## SUPPLIED ENTRIES
Content starts

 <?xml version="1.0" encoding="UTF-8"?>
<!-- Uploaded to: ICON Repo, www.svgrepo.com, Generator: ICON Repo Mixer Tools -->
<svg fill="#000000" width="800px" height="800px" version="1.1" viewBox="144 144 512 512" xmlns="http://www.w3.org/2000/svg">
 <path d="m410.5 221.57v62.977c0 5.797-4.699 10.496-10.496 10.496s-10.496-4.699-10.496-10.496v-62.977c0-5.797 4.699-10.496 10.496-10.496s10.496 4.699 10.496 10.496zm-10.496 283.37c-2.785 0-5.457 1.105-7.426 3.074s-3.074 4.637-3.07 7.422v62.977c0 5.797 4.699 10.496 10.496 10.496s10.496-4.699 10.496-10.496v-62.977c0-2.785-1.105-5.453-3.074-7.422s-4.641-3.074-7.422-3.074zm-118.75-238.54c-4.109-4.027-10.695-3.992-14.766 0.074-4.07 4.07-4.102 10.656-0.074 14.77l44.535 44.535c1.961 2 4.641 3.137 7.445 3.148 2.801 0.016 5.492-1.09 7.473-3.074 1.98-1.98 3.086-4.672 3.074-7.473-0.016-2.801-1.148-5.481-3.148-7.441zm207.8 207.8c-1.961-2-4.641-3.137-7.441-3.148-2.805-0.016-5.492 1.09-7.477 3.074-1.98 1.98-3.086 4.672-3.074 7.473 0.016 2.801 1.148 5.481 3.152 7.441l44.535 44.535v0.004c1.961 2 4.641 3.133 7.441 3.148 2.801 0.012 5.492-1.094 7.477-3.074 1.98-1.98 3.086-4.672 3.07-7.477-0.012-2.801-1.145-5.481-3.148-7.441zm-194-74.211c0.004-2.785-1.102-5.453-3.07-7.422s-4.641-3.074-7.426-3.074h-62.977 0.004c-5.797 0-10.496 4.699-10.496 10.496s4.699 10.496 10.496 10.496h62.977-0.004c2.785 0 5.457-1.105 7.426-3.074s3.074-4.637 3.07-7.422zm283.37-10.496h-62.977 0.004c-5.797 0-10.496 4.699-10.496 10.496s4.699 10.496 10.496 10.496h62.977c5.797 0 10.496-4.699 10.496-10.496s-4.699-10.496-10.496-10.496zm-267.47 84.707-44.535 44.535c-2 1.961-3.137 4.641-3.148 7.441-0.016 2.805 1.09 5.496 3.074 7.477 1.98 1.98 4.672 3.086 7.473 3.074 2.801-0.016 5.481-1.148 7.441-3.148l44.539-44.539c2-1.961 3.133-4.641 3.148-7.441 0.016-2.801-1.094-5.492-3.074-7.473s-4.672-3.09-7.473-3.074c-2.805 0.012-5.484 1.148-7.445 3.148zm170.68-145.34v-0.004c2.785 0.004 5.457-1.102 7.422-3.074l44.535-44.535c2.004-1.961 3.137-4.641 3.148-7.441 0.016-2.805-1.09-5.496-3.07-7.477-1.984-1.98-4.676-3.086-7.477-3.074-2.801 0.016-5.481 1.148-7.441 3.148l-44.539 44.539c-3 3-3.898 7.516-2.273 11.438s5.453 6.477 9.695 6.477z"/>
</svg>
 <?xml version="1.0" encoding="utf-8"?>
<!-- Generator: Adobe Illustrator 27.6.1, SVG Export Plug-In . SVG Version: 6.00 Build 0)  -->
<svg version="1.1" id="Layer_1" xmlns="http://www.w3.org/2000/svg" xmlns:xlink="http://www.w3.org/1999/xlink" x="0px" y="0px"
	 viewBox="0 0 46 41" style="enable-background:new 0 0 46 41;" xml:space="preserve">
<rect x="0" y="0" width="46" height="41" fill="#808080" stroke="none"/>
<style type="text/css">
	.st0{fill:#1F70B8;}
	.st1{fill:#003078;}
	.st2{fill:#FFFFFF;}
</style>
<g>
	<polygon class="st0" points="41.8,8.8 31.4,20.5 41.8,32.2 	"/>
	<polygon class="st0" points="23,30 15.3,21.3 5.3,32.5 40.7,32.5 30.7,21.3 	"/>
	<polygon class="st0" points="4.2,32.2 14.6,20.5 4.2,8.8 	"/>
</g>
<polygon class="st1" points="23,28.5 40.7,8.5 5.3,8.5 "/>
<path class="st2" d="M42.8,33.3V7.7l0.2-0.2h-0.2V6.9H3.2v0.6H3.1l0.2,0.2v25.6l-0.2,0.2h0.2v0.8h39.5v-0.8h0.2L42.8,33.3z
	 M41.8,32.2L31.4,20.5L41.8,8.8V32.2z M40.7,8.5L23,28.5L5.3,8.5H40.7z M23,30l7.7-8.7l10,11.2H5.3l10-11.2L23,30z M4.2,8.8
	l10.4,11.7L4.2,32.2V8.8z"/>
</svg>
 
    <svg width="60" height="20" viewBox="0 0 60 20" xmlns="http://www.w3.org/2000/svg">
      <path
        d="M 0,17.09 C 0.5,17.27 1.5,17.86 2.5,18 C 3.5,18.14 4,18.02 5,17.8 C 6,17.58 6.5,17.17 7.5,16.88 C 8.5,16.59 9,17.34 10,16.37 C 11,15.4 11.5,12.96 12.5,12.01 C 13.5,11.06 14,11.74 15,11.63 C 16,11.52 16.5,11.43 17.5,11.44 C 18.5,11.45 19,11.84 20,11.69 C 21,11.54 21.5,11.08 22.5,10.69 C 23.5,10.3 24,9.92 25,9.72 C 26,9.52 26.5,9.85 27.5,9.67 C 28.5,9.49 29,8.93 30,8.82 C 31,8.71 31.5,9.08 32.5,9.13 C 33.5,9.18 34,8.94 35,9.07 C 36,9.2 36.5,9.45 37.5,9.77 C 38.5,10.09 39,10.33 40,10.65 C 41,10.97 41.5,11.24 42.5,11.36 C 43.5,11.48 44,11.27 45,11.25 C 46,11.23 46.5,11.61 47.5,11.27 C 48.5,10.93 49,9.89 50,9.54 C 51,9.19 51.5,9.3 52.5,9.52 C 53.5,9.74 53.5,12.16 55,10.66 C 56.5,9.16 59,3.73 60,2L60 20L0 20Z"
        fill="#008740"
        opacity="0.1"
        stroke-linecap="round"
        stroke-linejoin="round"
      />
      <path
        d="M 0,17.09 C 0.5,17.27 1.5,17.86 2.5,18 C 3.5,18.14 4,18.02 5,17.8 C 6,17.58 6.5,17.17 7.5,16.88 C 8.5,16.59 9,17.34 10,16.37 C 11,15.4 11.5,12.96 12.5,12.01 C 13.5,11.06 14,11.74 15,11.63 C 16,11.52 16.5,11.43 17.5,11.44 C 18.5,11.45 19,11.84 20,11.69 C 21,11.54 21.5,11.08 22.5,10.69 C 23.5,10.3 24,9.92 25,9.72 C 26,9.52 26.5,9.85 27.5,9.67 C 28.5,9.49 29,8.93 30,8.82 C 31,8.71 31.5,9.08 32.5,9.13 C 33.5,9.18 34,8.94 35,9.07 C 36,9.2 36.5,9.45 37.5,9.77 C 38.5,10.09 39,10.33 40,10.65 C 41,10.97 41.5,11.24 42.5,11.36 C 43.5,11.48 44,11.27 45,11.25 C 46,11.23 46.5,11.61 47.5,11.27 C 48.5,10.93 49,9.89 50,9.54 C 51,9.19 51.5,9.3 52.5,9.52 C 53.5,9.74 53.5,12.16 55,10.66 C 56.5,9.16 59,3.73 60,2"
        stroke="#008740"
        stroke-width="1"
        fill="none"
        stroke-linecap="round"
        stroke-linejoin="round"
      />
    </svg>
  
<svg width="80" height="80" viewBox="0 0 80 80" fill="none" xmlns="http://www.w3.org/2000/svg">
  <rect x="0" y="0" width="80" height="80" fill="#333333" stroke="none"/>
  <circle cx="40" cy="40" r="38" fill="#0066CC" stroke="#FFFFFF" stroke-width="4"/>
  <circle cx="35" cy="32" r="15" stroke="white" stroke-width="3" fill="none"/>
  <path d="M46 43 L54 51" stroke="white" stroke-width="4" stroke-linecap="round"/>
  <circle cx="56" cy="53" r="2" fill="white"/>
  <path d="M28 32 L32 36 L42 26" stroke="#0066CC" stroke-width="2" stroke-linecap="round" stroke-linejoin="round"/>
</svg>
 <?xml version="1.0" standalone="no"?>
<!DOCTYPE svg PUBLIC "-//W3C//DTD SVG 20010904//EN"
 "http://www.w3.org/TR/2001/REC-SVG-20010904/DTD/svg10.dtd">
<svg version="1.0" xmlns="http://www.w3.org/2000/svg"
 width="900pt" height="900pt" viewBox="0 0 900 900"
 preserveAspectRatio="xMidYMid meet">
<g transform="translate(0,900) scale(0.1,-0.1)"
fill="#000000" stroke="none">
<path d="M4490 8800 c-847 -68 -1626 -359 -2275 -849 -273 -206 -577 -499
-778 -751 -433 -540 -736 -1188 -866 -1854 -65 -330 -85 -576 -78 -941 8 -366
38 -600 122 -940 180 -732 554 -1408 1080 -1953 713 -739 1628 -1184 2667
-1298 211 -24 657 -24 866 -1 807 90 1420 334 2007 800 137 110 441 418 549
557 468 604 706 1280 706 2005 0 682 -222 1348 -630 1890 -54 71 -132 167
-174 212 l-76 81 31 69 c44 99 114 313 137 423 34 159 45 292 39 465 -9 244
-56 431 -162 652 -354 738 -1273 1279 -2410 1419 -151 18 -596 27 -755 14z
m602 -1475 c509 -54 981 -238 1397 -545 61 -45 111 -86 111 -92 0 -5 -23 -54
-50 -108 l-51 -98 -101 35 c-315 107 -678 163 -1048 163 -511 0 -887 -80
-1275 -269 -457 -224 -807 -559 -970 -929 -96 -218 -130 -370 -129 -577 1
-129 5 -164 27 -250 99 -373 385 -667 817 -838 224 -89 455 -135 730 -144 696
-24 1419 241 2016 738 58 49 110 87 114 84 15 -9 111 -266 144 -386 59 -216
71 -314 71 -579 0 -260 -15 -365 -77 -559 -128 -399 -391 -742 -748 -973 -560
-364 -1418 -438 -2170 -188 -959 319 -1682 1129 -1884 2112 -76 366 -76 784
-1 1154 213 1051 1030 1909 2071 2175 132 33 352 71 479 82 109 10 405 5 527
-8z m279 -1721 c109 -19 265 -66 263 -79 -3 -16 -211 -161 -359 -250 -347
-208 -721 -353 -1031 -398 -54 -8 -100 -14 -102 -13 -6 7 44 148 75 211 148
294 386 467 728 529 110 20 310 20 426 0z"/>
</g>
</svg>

Content ends

## TRY IT
Out of the records, collect only those lines that contain the string "none".

## TASK ANSWER
<rect x="0" y="0" width="46" height="41" fill="#808080" stroke="none"/>
        fill="none"
<svg width="80" height="80" viewBox="0 0 80 80" fill="none" xmlns="http://www.w3.org/2000/svg">
  <rect x="0" y="0" width="80" height="80" fill="#333333" stroke="none"/>
  <circle cx="35" cy="32" r="15" stroke="white" stroke-width="3" fill="none"/>
fill="#000000" stroke="none">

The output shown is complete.